Анри родился на юге Франции. Его окружала живописнейшая природа. Над головой проносились великие потрясения. Он чувствовал их порывы и по-своему отвечал на них. Мальчик сам сшил себе маленькое трехцветное знамя. В дни побед республиканцев он с гордостью проносил его по комнатам своего большого дома. Надо отметить, что близкие ни коим образом не разделяли революционных порывов этого необычного ребенка.

Пройдет время, и Стендаль воскликнет: «Через три месяца мне будет пятьдесят лет. Возможно ли?! Пятьдесят! Какой немыслимый срок! Как быстро пролетело время. Не пора ли вспомнить прошедшее?» — И он вспоминает его в своей автобиографической повести «Жизнь Анри Брюлара».

— Как же зародилась эта идея попытки познать самого себя? — спрашиваем мы у писателя. И он отвечает нам:

«Однажды возвращаясь домой после скучного вечера у посла, я сказал себе: „Я должен написать историю своей жизни; может быть, когда она будет написана, я, наконец, узнаю, какой я был, — веселый или печальный, умный или глупый, храбрый или трусливый, счастливый или несчастный. Эта мысль меня соблазнила. Но, по правде сказать, я менее всего уверен в том, что обладаю хоть каким-нибудь талантом, чтобы заставить читателя читать меня. Иногда я испытываю большое удовольствие от писания, вот и все.
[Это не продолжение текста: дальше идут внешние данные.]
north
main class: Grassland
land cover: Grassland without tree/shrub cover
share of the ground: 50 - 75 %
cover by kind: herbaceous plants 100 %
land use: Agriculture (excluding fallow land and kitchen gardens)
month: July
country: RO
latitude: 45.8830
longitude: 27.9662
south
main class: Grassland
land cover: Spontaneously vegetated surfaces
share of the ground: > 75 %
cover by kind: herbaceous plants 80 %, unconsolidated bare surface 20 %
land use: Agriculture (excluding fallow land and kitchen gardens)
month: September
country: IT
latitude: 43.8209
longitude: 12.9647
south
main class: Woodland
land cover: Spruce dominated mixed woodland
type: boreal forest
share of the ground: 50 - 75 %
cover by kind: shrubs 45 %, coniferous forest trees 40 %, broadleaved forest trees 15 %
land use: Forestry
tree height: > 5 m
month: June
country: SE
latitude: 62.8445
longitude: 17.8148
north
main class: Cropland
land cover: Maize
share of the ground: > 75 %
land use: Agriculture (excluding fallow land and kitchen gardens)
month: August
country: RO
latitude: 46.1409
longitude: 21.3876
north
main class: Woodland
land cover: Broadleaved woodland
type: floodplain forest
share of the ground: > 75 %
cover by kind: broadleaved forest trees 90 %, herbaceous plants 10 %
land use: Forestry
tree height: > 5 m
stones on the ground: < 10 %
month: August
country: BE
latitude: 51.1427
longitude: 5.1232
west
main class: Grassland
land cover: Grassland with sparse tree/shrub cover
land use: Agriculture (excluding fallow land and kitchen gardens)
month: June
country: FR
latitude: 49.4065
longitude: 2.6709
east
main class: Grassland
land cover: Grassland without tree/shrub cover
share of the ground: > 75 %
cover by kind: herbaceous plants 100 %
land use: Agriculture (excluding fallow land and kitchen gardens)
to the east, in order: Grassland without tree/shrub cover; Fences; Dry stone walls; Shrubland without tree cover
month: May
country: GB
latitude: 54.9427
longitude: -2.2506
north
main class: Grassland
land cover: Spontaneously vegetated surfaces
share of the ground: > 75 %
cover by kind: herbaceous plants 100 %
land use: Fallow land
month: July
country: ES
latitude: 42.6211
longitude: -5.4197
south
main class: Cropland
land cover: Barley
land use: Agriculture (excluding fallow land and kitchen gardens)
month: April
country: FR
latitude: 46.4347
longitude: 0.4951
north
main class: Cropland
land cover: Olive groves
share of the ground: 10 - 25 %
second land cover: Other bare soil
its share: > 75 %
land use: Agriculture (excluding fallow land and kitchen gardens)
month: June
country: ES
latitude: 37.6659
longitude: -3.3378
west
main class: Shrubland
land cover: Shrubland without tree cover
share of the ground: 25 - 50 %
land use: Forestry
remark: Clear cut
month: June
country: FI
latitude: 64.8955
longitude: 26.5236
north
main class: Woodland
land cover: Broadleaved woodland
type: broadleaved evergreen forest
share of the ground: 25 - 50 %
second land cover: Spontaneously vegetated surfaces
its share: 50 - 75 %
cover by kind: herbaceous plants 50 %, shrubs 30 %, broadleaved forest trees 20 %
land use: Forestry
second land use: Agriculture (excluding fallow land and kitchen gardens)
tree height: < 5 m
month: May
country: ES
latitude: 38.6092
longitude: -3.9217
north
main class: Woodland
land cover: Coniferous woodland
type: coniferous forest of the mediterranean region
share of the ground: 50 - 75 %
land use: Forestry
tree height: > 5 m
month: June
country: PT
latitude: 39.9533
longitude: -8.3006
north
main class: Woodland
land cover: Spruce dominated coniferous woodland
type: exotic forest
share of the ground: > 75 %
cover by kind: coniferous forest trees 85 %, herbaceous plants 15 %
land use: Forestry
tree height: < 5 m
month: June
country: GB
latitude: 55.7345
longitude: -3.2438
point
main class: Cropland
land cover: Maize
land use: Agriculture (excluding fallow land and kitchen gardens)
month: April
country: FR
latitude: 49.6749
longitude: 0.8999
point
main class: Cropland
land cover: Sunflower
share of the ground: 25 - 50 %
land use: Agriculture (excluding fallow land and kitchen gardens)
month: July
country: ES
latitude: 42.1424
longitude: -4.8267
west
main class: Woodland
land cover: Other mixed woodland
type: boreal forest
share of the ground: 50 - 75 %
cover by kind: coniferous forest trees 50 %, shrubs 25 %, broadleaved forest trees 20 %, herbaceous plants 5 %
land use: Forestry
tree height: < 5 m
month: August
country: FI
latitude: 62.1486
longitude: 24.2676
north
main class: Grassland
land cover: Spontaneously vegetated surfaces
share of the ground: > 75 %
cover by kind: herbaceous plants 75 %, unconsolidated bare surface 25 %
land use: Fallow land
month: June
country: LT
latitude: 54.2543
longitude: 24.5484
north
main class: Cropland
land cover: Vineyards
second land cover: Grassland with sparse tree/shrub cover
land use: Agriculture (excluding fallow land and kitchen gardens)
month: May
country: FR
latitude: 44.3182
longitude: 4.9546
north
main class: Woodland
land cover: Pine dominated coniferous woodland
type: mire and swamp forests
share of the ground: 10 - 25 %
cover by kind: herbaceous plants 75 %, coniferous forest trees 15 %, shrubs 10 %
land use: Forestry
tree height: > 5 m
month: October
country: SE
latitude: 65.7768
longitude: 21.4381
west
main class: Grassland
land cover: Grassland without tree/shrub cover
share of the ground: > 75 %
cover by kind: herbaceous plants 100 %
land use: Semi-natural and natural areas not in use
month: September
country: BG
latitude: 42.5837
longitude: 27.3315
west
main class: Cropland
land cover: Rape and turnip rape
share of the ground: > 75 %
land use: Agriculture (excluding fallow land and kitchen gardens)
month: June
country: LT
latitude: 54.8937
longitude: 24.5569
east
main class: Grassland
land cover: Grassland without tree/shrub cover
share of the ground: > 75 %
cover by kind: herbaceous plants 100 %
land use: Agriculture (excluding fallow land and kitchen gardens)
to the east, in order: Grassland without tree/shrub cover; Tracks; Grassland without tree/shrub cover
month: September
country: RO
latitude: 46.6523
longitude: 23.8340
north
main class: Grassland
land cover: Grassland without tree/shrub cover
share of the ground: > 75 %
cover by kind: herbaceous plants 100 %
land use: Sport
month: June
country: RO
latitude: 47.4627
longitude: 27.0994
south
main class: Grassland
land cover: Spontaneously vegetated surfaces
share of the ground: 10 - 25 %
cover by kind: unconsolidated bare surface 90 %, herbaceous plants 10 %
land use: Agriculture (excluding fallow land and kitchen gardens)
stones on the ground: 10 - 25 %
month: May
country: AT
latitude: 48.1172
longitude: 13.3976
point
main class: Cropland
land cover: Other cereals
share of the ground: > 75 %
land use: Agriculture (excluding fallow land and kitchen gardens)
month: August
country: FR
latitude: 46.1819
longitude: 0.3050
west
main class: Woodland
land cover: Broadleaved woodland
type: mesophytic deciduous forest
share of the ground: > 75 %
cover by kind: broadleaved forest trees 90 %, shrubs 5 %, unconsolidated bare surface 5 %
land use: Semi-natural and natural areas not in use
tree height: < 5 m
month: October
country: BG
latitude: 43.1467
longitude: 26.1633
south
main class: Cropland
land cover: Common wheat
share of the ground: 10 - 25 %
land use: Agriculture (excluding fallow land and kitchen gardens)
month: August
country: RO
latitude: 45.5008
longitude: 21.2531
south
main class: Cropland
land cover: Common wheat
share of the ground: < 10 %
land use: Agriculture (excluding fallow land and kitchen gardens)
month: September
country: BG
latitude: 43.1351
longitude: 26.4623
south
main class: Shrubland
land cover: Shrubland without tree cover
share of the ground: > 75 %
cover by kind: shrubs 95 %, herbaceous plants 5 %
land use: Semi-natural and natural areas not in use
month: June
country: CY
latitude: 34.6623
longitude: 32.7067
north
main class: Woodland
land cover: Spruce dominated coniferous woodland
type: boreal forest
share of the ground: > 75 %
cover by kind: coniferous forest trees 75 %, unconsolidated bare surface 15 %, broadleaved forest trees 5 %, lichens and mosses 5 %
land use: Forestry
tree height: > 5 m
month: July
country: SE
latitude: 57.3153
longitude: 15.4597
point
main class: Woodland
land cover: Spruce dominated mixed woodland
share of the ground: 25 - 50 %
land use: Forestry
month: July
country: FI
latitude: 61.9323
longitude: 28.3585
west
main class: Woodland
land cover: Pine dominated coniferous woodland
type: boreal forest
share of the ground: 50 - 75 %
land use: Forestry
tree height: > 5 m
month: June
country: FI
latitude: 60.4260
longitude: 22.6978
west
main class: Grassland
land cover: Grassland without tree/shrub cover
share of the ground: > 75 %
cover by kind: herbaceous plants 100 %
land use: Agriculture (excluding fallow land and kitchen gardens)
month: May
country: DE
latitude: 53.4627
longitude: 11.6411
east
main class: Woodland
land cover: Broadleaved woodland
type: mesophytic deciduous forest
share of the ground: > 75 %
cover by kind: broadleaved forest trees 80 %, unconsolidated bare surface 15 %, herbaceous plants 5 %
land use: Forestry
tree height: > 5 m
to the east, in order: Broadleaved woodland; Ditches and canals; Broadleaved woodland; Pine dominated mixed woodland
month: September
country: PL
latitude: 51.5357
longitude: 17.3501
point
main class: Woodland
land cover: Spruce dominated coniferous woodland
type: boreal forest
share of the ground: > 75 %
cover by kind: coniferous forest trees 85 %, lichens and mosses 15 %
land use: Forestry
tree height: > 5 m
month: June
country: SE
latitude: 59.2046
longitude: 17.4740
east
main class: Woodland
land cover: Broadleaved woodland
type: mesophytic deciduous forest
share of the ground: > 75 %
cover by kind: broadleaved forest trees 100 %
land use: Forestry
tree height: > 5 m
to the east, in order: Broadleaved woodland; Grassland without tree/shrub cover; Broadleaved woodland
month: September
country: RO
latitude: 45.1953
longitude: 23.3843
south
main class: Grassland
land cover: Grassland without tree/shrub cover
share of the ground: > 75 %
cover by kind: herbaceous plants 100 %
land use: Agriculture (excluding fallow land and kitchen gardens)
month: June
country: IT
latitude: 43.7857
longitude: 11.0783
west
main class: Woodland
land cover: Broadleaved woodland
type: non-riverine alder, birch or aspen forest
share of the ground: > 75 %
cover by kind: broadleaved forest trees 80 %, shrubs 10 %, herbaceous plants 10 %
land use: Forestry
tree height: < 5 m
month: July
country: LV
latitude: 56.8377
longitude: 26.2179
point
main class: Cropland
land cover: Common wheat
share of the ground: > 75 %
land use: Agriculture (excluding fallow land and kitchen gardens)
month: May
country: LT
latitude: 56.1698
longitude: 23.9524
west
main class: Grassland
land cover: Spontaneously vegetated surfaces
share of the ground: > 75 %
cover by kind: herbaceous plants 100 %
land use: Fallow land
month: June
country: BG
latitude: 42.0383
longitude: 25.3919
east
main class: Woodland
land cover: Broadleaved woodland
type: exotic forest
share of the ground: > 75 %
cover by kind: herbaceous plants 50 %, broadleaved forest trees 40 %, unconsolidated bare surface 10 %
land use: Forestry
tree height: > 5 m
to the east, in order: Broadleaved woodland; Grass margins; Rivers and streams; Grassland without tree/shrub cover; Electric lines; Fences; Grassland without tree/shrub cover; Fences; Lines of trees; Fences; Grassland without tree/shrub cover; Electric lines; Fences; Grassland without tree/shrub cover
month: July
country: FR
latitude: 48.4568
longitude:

И пишу: отец мой Жозеф Бейль, адвокат, кавалер ордена Почетного Легиона. Его страсть заключалась в том, чтобы продать крестьянину поле, хитря на протяжении целой недели с целью разбогатеть на триста франков больше. Эта страсть казалась мне отвратительной. Он любил меня не как человека, а как сына, который должен был продолжить его род. Никогда, может быть, случай не соединял два более антипатичных друг другу существа, чем мой отец и я. Отсюда отсутствие всяких радостей. Два гения ожесточились против моего бедного детства, тетка Серафи и отец. Они отравили мое детство в полном смысле этого слова. Я был бедным, гонимым ребенком, которого постоянно и при всяком случае бранили. Наши прогулки отец называл удовольствием, а я был похож на каторжника, которого заставляют называть своим удовольствием цепи».

«Однажды, когда мальчику было семь или восемь лет, он находился на балконе и играл, как свойственно всем детям в его возрасте: вооружившись небольшим ножом, сажал зерна в цветочный горшок. Неожиданно ножик выскользнул из его рук и упал на улицу, едва не поранив какую-то старушку. Тетушка Серафи божилась, что маленький Анри хотел убить эту старую даму. Представьте себе след, который подобное ложное обвинение должно было оставить в сознании ребенка. Для того, чтобы отомстить своей старой тетке, он готов был уничтожить все общество. Стендаль писал, что, будучи ребенком, он, узнав о смерти ненавистной тетки, бросился на колени и возблагодарил за это великое избавление господа бога. С тех пор в него проникла идея справедливости и несправедливости». (А. Моруа)

Анри ненавидел всю отцовскую родню. Зато он обожал родных со стороны матери. «Моя мать была очаровательная женщина, — писал он. — Я был влюблен в нее. Влюбившись в возрасте шести лет, я проявлял совершенно такой же характер, как и тогда, когда бешено был влюблен в одну из женщин, когда вырос. Мой способ отправляться на охоту за счастьем, в сущности, нисколько не изменился, за исключением лишь одного: в отношении физической стороны любви я был в таком же положении, в каком оказался бы Цезарь перед пушками и ружьями, если бы снова вернулся на землю.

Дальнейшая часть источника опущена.